The ducks, strangely enough, stood their ground. One was scared into the water, but after that, they stood or sat stodgily, as if to say, we won't tolerate this interloper. Ducks are placid, but they also have a certain gravitas. They are not easily perturbed. Any goose would have made short work of this crow, lowering its neck, hissing and charging at him, but the ducks just had a sort of "we shall not be moved" attitude.
But why try to scare off ducks? How could a duck ever reach a crow's nest, and what sort of interest would it have even if it could? There are plenty of ground-dwelling predators capable of climbing trees and picking off tender crow fledglings. Raccoons, skunks, weasels and ferrets, even squirrels have been known to raid nests. And let's not start on the eagles, hawks and falcons, and even the owls which could easily swoop down and snatch a whole nest.
But this crow was attacking ducks. Placid mallards which didn't want their afternoon snooze disturbed.
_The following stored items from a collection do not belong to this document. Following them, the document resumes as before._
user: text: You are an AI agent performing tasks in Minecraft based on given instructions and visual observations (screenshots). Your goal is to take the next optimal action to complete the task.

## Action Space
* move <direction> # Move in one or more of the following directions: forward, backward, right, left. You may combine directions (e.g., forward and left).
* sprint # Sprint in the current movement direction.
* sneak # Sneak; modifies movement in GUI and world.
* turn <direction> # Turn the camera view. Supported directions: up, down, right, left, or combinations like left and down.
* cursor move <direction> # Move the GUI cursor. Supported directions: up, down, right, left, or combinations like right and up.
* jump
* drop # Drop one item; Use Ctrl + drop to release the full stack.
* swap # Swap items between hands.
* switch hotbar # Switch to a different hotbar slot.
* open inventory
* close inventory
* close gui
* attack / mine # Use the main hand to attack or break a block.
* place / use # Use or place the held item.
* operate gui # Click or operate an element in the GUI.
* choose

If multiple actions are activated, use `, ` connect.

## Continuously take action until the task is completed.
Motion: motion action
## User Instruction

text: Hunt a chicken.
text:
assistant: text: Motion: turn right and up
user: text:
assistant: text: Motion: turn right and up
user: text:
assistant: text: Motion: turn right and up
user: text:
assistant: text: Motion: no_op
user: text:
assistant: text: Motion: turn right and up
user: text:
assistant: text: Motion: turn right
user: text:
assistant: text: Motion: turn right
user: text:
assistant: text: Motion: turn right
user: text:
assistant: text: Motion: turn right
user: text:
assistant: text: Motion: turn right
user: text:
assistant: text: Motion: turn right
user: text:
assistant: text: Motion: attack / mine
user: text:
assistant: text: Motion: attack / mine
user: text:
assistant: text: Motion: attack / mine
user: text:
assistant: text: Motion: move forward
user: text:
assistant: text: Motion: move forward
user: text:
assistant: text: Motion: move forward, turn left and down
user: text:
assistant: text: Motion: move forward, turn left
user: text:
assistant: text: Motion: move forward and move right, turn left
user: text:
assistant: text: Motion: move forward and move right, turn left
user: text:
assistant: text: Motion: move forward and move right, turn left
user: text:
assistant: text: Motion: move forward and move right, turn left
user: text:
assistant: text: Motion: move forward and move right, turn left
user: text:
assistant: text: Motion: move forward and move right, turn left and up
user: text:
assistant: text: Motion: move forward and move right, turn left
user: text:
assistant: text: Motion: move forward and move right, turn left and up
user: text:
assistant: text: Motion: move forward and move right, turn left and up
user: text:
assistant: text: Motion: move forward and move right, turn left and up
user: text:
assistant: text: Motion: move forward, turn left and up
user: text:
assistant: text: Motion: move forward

Ducks who were just waiting for the next handout, the inevitable, forbidden tourist-feed.
I had a passing thought that the crow was injured, but he seemed so able-bodied, so muscular and glossy (thus my use of "he", though I could be wrong) that it didn't make sense. He did not stir from the banks in all the time we spent at the lake, photographing Bosley and Belinda, our favorite duck couple. When we left, he was still cawing raucously and walking back and forth. Strutting, rather, aggressively. My only conclusion is that he saw birds, and birds meant threat, so he was going to get rid of them forthwith.